Черный-черный телефон, на время ставший предателем Топором, взлетел в разъяренной руке, раз десять перекувыркнулся в горячем воздухе комнаты, хряснулся о стену, упал рядом с ботинком, и сразу стало так тихо, будто весь мир погиб. И мерзкий Топор вместе с ним. Правда, внутри погибшего мира находилась и Жанетка, и Жора Прокудин ощутил нечто похожее на угрызение совести.
– Ур-роды!.. Я и без вас "бабки" вырою!.. Загрызу банкира, а "бабки" будут моими!.. Моими!..
В одном ботинке он прохромал вдоль стены на кухню, нашел упаковку пива на штатном месте, в углу, по-турецки сел, подобрав под себя ноги и с радостной злостью разорвал полиэтилен. Первая банка ушла залпом. Второй пришлось потруднее. На третьей мир начал крениться влево, хотя до этого пытался упасть вправо. Видимо, водка больше тянет к северу, а пиво – к югу.
– Ро-одная моя! Счастье мое до-олгожданное! – достал он из кармана записную книжку сыщика. – То-олько раз быв-вает в жи-изни встреча!.. То-олько р-раз судь... А что это?
На линолеум, на желтый истертый линолеум кухни, упала стотысячная купюра. Бережно положив записную книжку на непочатую банку пива, Жора подобрал "стольник" с пола, развернул его. На левом нижнем уголке банкноты темнело пятно крови.

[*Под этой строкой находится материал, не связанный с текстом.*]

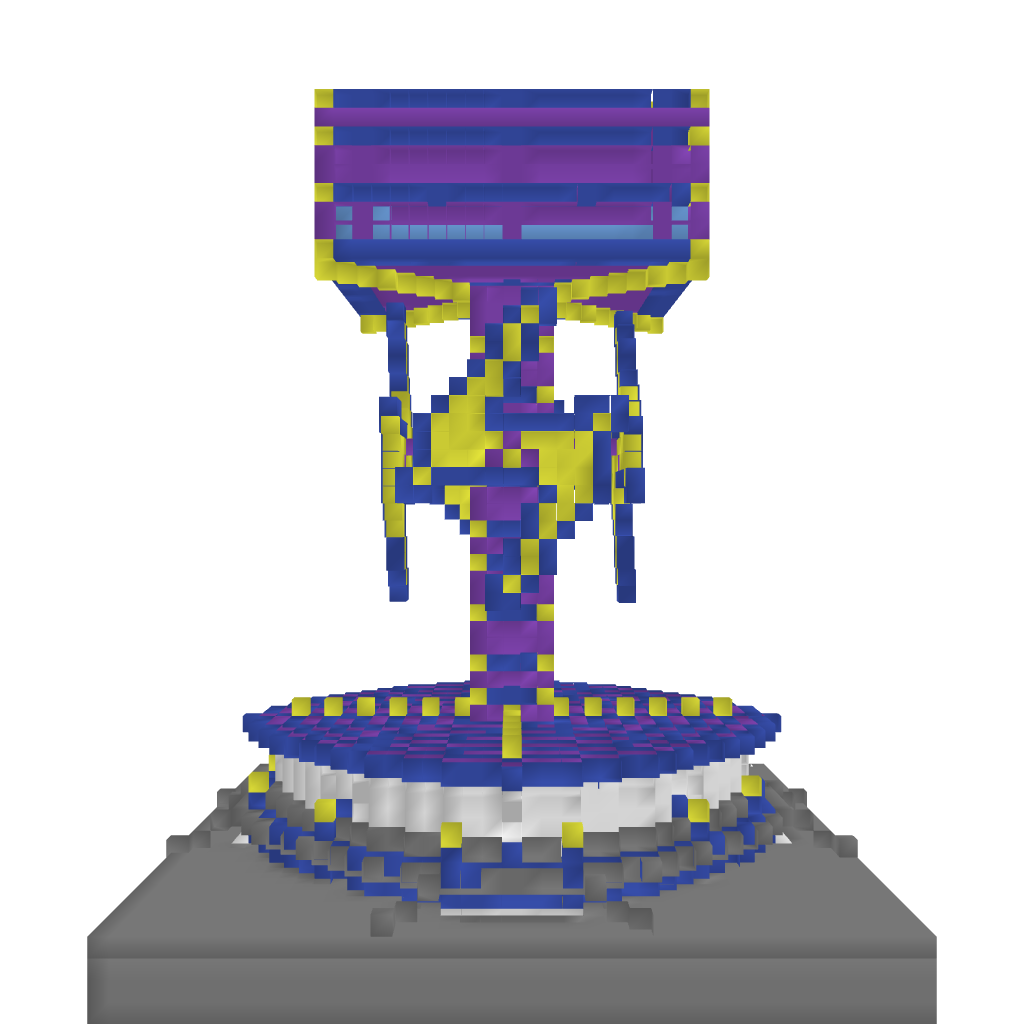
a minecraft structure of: XP Farm high quality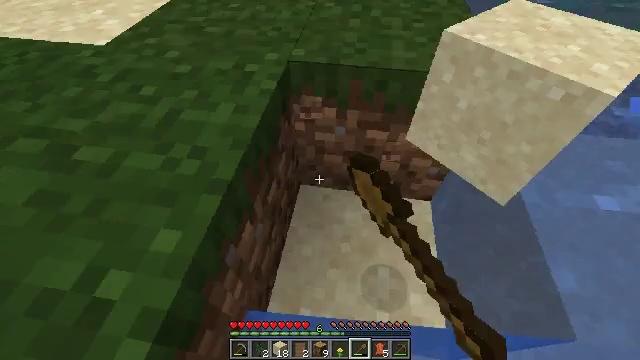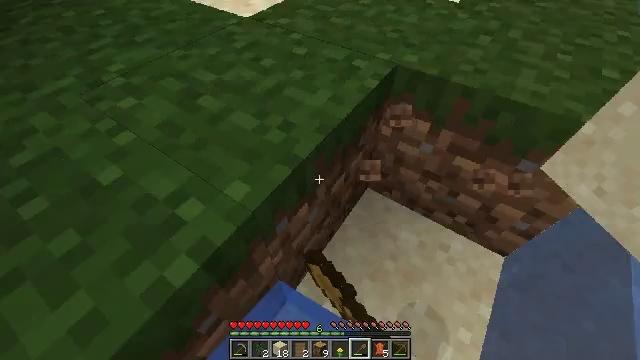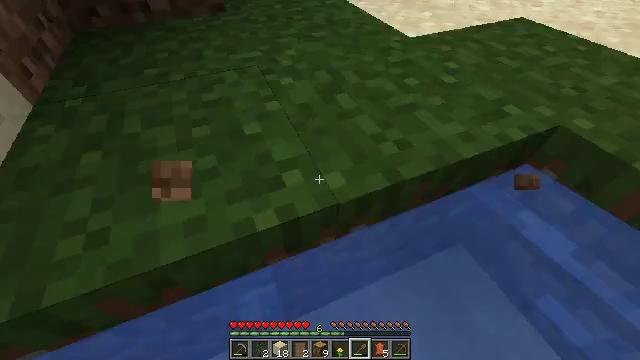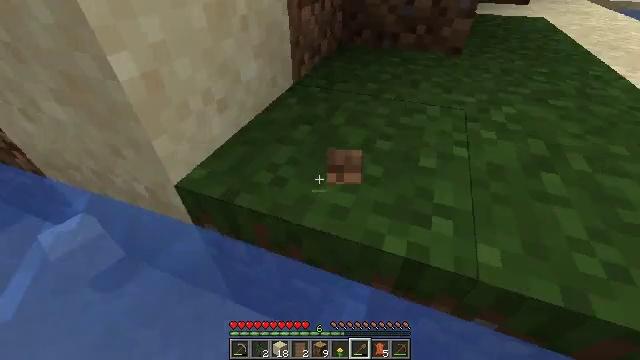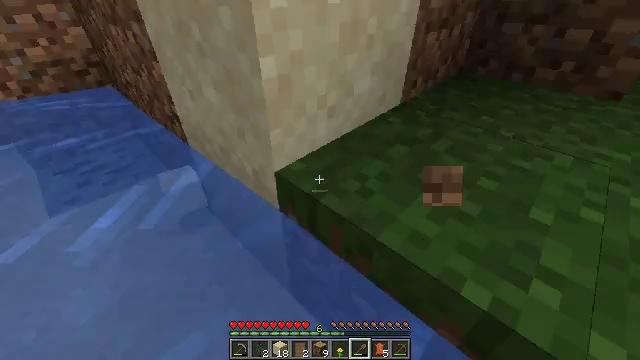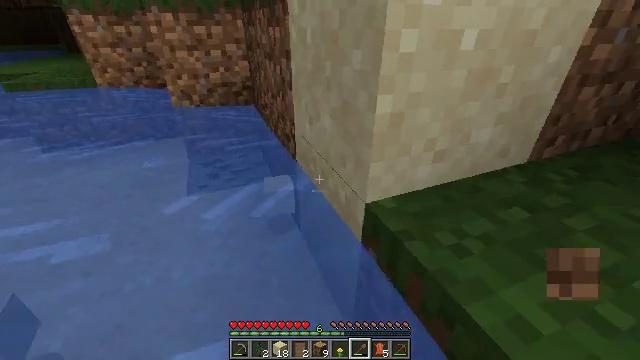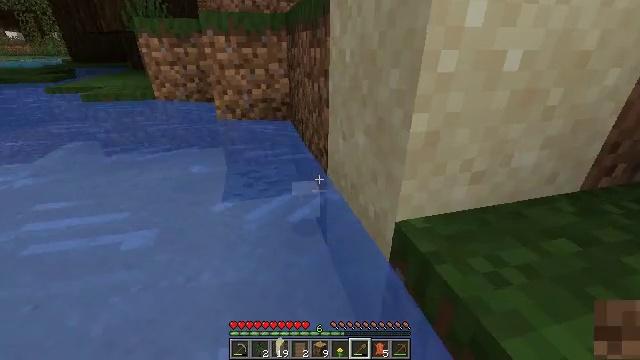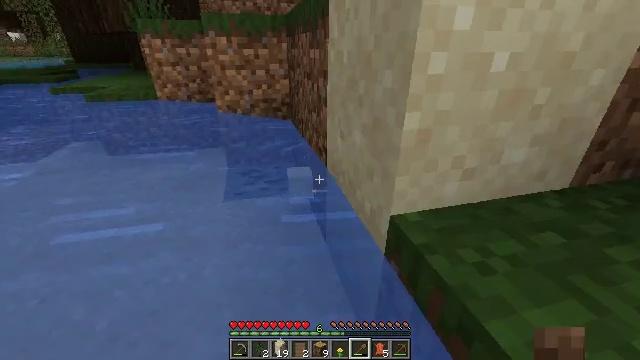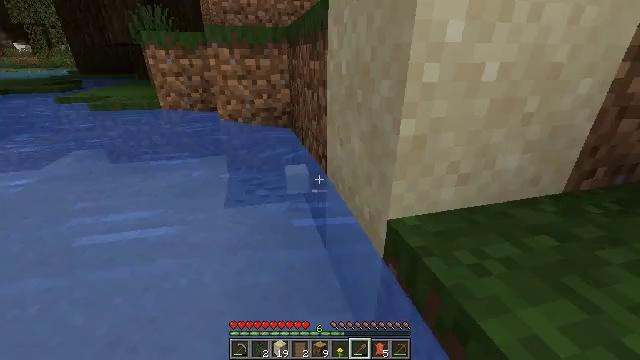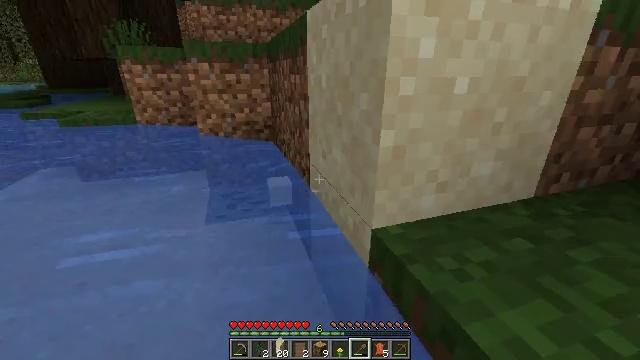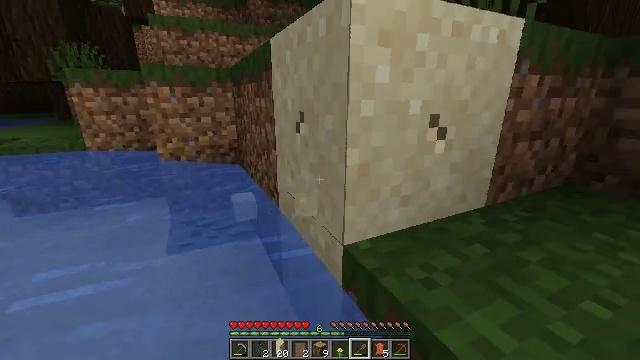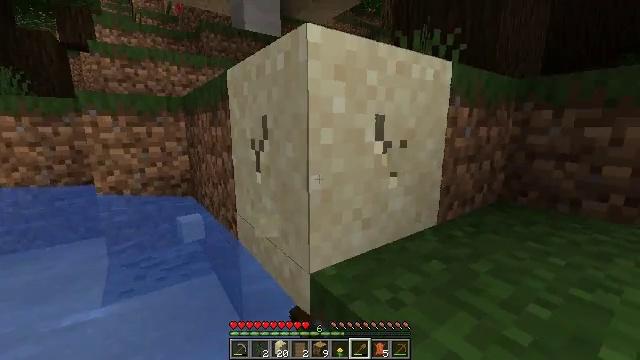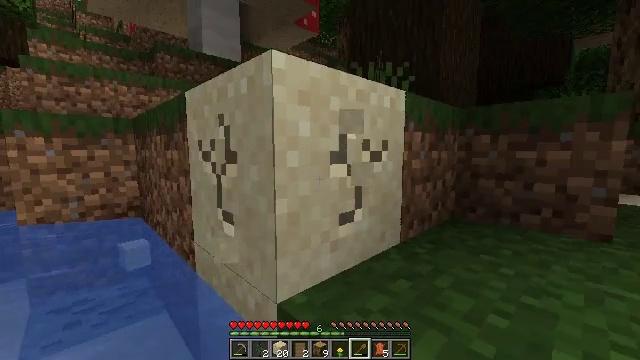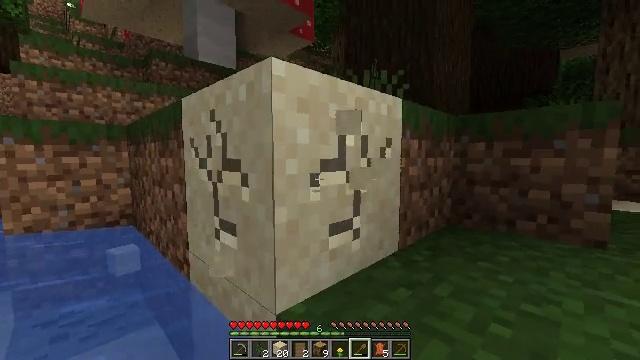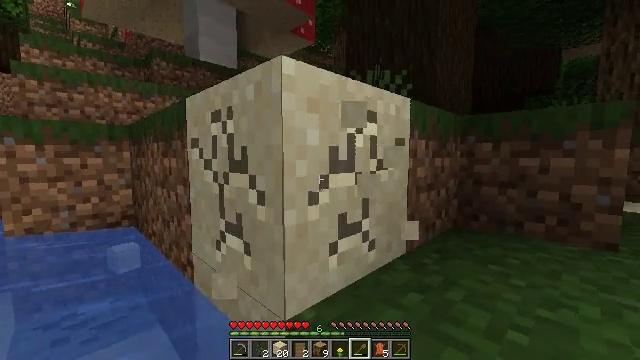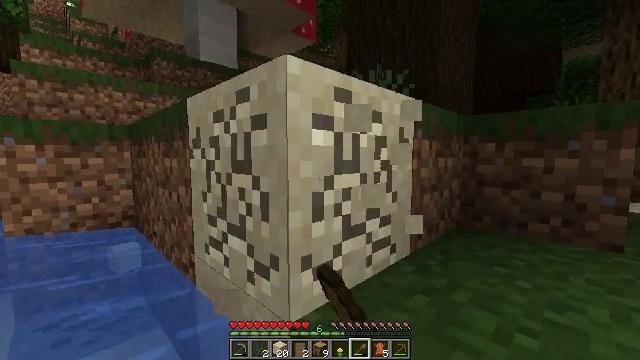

– Ко... когда ж это я успел?
Он не помнил за собой, что подобрал хоть одну купюру из тех, что высыпались из бардачка в машине сыскаря. А ведь тогда он был трезвее ребенка. Нет, не помнил. Но пятно действительно было кровавым, грозно-красным, и он спросил у банкноты:
– Ты мой "стольник" или это... сыщицкий?
– Конечно, его, – мягким грустным голосом ответила купюра.
– Чего-чего?!
Пальцы сами поднесли "стольник" вплотную к глазам. На секунду рисунок стал мутным. Он будто смотрел на него сквозь залитое дождем оконное стекло. И вдруг резко, точно окно распахнули, рисунок обрел контуры.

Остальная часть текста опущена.